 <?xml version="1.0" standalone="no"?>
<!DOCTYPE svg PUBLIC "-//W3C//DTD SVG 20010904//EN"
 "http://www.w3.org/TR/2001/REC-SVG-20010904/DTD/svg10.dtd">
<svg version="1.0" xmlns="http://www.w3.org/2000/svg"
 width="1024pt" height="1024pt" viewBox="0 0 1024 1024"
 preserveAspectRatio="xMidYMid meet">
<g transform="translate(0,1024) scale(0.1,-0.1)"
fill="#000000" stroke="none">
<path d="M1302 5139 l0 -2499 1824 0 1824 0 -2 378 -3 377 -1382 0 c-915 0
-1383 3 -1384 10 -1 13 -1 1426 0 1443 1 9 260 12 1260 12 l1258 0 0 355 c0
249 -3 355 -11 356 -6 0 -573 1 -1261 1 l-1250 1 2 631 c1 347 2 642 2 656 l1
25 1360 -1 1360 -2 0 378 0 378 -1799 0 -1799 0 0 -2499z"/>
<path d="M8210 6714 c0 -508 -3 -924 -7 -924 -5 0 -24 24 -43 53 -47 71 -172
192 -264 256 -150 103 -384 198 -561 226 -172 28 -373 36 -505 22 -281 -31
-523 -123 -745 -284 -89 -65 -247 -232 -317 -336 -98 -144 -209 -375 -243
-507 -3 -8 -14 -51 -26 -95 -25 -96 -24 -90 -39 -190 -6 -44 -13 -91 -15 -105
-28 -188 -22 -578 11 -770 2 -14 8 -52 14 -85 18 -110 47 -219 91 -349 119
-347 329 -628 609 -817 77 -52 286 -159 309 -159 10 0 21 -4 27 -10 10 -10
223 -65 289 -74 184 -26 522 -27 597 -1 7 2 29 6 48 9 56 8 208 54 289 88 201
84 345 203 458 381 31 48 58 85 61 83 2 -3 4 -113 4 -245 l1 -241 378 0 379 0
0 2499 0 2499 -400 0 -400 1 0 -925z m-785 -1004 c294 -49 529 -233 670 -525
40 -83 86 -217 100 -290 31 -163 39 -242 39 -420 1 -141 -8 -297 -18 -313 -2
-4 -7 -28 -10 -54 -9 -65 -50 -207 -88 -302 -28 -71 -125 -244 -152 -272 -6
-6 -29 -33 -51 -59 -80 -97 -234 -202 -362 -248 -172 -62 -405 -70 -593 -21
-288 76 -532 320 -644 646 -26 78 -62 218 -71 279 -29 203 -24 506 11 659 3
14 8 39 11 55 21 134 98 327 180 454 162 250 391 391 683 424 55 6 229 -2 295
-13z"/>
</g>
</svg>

------------------------------------------------------------------------

• **PROBLEM DESCRIPTION**
How many lines in the data above contain the string "version"? Reply with only the number.

• **TASK ANSWER**
2